In March 1998, months before he was supposed to graduate high school and head off to Florida State University, then-18-year-old Eric Brody was driving home from his job at Sports Authority in the Sawgrass Mills Mall. Around the same time, a Broward Sheriff's Office deputy named Christopher Thieman left his girlfriend and headed for work. He was late. When Thieman's speeding cruiser slammed into Brody's 1982 AMC Concord, Brody's skull smashed into the passenger door, sending him into a six-week coma and leaving him disabled for life. Today, he lives mostly in a wheelchair and is cared for by his elderly parents.
The nasty legal maneuvering began shortly after the accident and has continued for 11 years.
According to Brody's Tallahassee attorney, Lance Block, there were six times between November 2002 and February 2003 that the Brody family offered to settle with BSO's insurance company for the policy limit of $3 million, but the company wouldn't agree to that, so Brody was forced to go to trial. Block says the insurance company finally came around and did offer to settle -- on the morning the trial got scheduled. But by then, Brody's medical bills were $1.5 million, so they proceeded to court, and in 2005, a jury awarded him a monster verdict of $30 million.

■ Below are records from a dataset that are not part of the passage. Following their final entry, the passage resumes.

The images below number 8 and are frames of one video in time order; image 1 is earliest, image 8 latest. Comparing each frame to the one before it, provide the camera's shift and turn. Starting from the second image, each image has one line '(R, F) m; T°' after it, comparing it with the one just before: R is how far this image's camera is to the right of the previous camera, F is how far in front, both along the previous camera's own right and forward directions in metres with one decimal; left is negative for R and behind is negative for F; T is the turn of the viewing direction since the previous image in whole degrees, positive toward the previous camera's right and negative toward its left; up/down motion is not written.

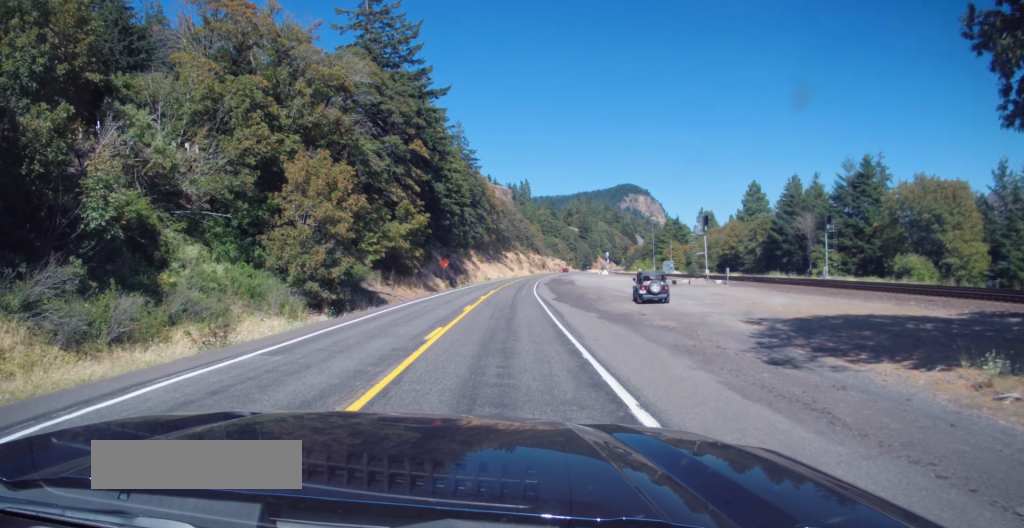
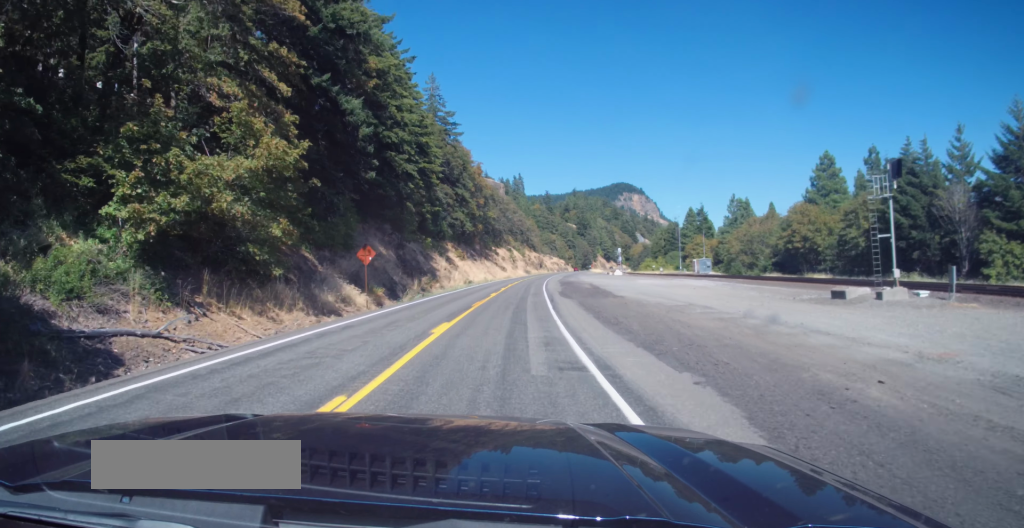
(+0.4, +35.2) m; +1°
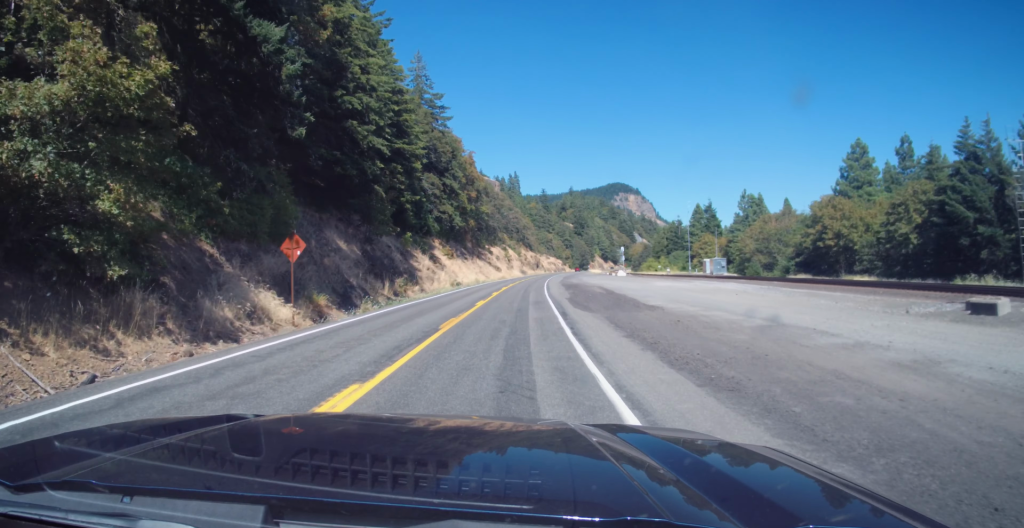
(+0.1, +11.9) m; 0°
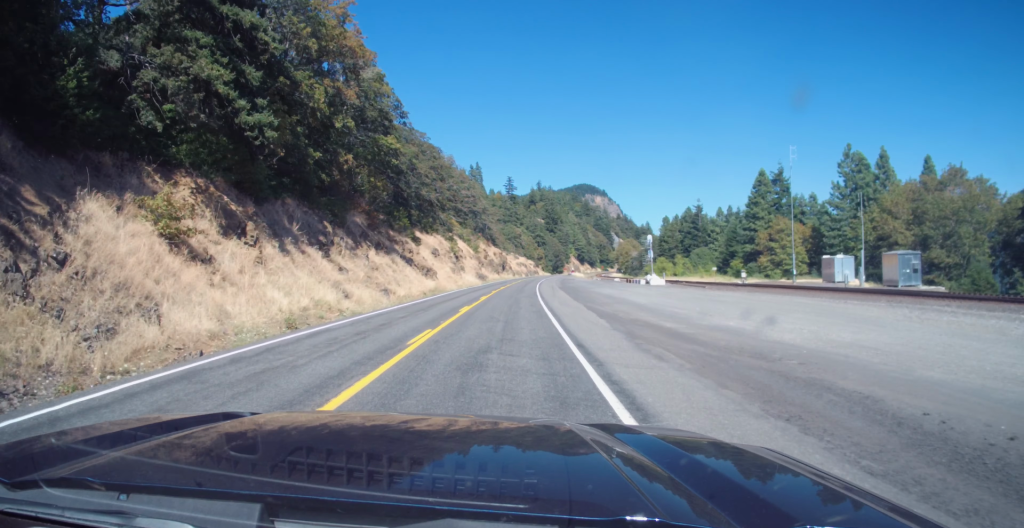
(+1.7, +64.5) m; +2°
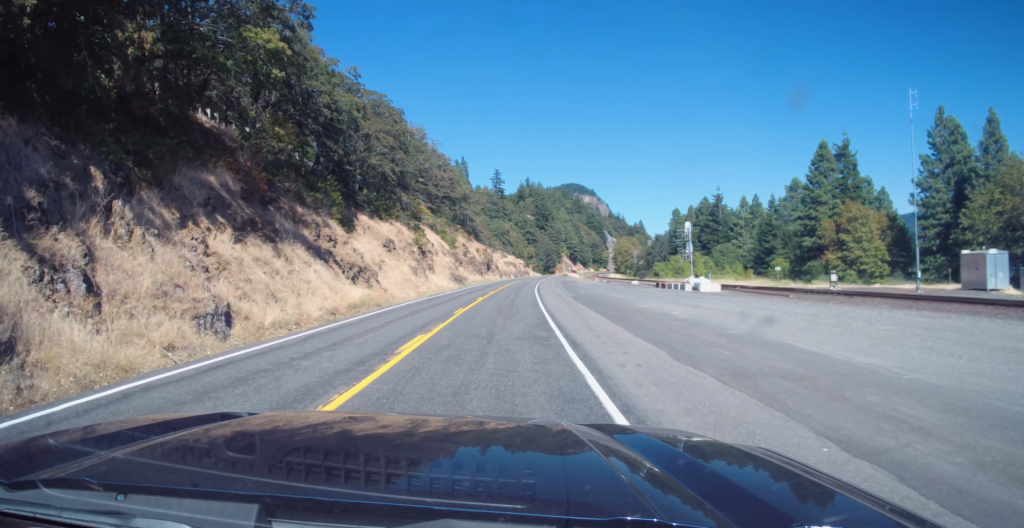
(-0.3, +25.4) m; +1°
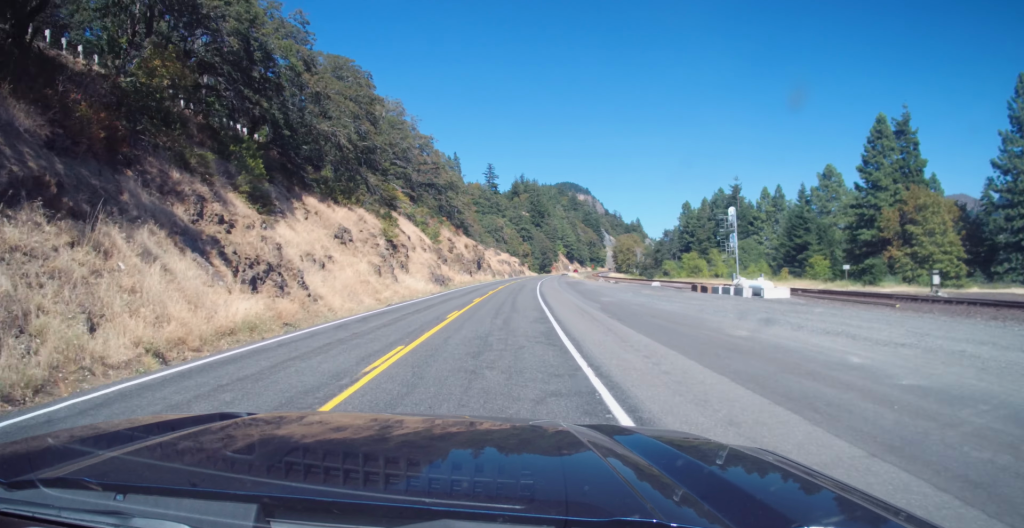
(+0.2, +15.1) m; +1°
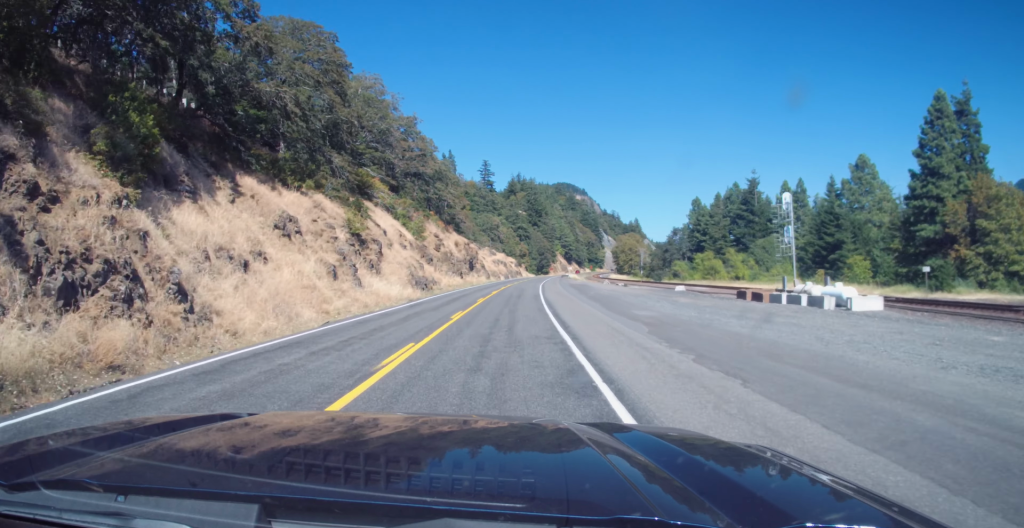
(+0.2, +11.3) m; +1°
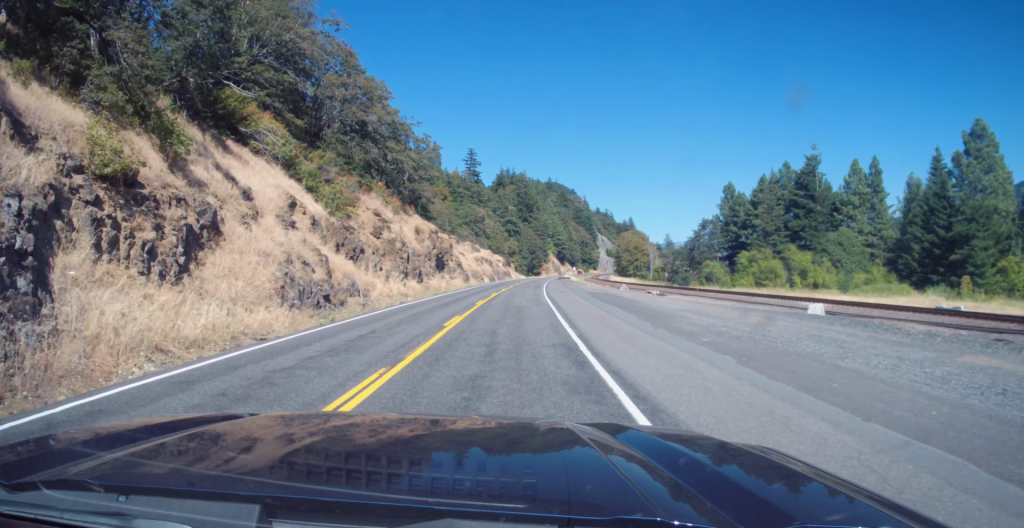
(+0.2, +27.9) m; 0°

But Brody can't get that money. Why?
Because BSO is a government agency that enjoys protections of sovereign
immunity. Even if a jury awards a big settlement, the government won't
pay it unless the state Legislature votes on a claims bill to go ahead
and pay it out. The sovereign immunity mechanism is in place to protect
taxpayers' money, so the state doesn't go broke from lawsuits
it loses.
Block says the insurance company knew this would
happen all along -- that's why it didn't settle in the first place. He
says company representatives were blatant about it: "The company
repeatedly told us that the reason it wouldn't offer the money was
because it believed we would never get a claims bill passed."
Now,
state legislators have introduced bills in both the House and Senate to
help get Brody his judgment money. The House Special Master (who
reviews cases and advises legislators how to vote) has said Brody
deserves it, irrespective of this being a tight budget year.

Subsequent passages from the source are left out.